WORK TASK. Each entry needs to be retyped exactly.

Stored dataset items
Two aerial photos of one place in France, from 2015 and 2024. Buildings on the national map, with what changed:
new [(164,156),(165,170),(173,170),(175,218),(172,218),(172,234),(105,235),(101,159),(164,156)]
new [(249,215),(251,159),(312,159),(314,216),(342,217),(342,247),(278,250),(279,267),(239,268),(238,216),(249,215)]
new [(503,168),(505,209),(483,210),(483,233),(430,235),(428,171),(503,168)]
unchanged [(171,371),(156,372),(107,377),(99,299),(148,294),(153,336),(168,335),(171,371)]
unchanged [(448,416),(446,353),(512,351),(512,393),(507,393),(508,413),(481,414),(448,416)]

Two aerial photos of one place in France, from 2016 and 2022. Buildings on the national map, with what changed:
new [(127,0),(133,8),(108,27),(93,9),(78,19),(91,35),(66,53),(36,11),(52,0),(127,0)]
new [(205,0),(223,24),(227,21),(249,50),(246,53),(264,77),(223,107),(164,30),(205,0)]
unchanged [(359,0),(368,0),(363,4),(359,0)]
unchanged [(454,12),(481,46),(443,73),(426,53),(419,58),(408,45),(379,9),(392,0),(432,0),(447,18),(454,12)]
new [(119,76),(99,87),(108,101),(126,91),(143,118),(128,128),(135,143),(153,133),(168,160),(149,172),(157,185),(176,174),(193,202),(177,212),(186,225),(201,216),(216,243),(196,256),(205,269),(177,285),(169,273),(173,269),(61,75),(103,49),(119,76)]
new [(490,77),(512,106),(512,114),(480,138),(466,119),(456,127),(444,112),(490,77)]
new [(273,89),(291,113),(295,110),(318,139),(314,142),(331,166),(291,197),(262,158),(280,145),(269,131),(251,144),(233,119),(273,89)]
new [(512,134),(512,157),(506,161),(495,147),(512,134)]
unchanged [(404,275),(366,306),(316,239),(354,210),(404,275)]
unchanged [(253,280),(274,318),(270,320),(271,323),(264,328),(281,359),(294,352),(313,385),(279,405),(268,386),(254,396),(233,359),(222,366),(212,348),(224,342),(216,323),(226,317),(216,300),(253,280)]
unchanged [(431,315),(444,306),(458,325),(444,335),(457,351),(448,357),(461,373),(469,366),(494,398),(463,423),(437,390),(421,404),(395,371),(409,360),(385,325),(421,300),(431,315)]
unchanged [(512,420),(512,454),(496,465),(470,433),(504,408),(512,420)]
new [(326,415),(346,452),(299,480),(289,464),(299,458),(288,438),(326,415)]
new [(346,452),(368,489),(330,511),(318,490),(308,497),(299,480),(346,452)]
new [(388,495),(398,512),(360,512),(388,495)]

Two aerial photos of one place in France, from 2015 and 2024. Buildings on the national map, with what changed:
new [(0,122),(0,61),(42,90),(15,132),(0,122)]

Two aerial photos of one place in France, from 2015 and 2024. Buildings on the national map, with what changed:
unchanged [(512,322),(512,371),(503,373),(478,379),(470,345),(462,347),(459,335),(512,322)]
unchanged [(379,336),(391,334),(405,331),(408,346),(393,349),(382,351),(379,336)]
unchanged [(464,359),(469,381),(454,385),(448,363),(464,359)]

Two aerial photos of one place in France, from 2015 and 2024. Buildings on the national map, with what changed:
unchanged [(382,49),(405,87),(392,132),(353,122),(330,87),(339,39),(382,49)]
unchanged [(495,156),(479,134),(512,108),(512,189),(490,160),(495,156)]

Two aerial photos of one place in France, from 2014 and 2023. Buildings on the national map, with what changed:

ANSWER BELOW.
Two aerial photos of one place in France, from 2015 and 2024. Buildings on the national map, with what changed:
new [(164,156),(165,170),(173,170),(175,218),(172,218),(172,234),(105,235),(101,159),(164,156)]
new [(249,215),(251,159),(312,159),(314,216),(342,217),(342,247),(278,250),(279,267),(239,268),(238,216),(249,215)]
new [(503,168),(505,209),(483,210),(483,233),(430,235),(428,171),(503,168)]
unchanged [(171,371),(156,372),(107,377),(99,299),(148,294),(153,336),(168,335),(171,371)]
unchanged [(448,416),(446,353),(512,351),(512,393),(507,393),(508,413),(481,414),(448,416)]

Two aerial photos of one place in France, from 2016 and 2022. Buildings on the national map, with what changed:
new [(127,0),(133,8),(108,27),(93,9),(78,19),(91,35),(66,53),(36,11),(52,0),(127,0)]
new [(205,0),(223,24),(227,21),(249,50),(246,53),(264,77),(223,107),(164,30),(205,0)]
unchanged [(359,0),(368,0),(363,4),(359,0)]
unchanged [(454,12),(481,46),(443,73),(426,53),(419,58),(408,45),(379,9),(392,0),(432,0),(447,18),(454,12)]
new [(119,76),(99,87),(108,101),(126,91),(143,118),(128,128),(135,143),(153,133),(168,160),(149,172),(157,185),(176,174),(193,202),(177,212),(186,225),(201,216),(216,243),(196,256),(205,269),(177,285),(169,273),(173,269),(61,75),(103,49),(119,76)]
new [(490,77),(512,106),(512,114),(480,138),(466,119),(456,127),(444,112),(490,77)]
new [(273,89),(291,113),(295,110),(318,139),(314,142),(331,166),(291,197),(262,158),(280,145),(269,131),(251,144),(233,119),(273,89)]
new [(512,134),(512,157),(506,161),(495,147),(512,134)]
unchanged [(404,275),(366,306),(316,239),(354,210),(404,275)]
unchanged [(253,280),(274,318),(270,320),(271,323),(264,328),(281,359),(294,352),(313,385),(279,405),(268,386),(254,396),(233,359),(222,366),(212,348),(224,342),(216,323),(226,317),(216,300),(253,280)]
unchanged [(431,315),(444,306),(458,325),(444,335),(457,351),(448,357),(461,373),(469,366),(494,398),(463,423),(437,390),(421,404),(395,371),(409,360),(385,325),(421,300),(431,315)]
unchanged [(512,420),(512,454),(496,465),(470,433),(504,408),(512,420)]
new [(326,415),(346,452),(299,480),(289,464),(299,458),(288,438),(326,415)]
new [(346,452),(368,489),(330,511),(318,490),(308,497),(299,480),(346,452)]
new [(388,495),(398,512),(360,512),(388,495)]

Two aerial photos of one place in France, from 2015 and 2024. Buildings on the national map, with what changed:
new [(0,122),(0,61),(42,90),(15,132),(0,122)]

Two aerial photos of one place in France, from 2015 and 2024. Buildings on the national map, with what changed:
unchanged [(512,322),(512,371),(503,373),(478,379),(470,345),(462,347),(459,335),(512,322)]
unchanged [(379,336),(391,334),(405,331),(408,346),(393,349),(382,351),(379,336)]
unchanged [(464,359),(469,381),(454,385),(448,363),(464,359)]

Two aerial photos of one place in France, from 2015 and 2024. Buildings on the national map, with what changed:
unchanged [(382,49),(405,87),(392,132),(353,122),(330,87),(339,39),(382,49)]
unchanged [(495,156),(479,134),(512,108),(512,189),(490,160),(495,156)]

Two aerial photos of one place in France, from 2014 and 2023. Buildings on the national map, with what changed:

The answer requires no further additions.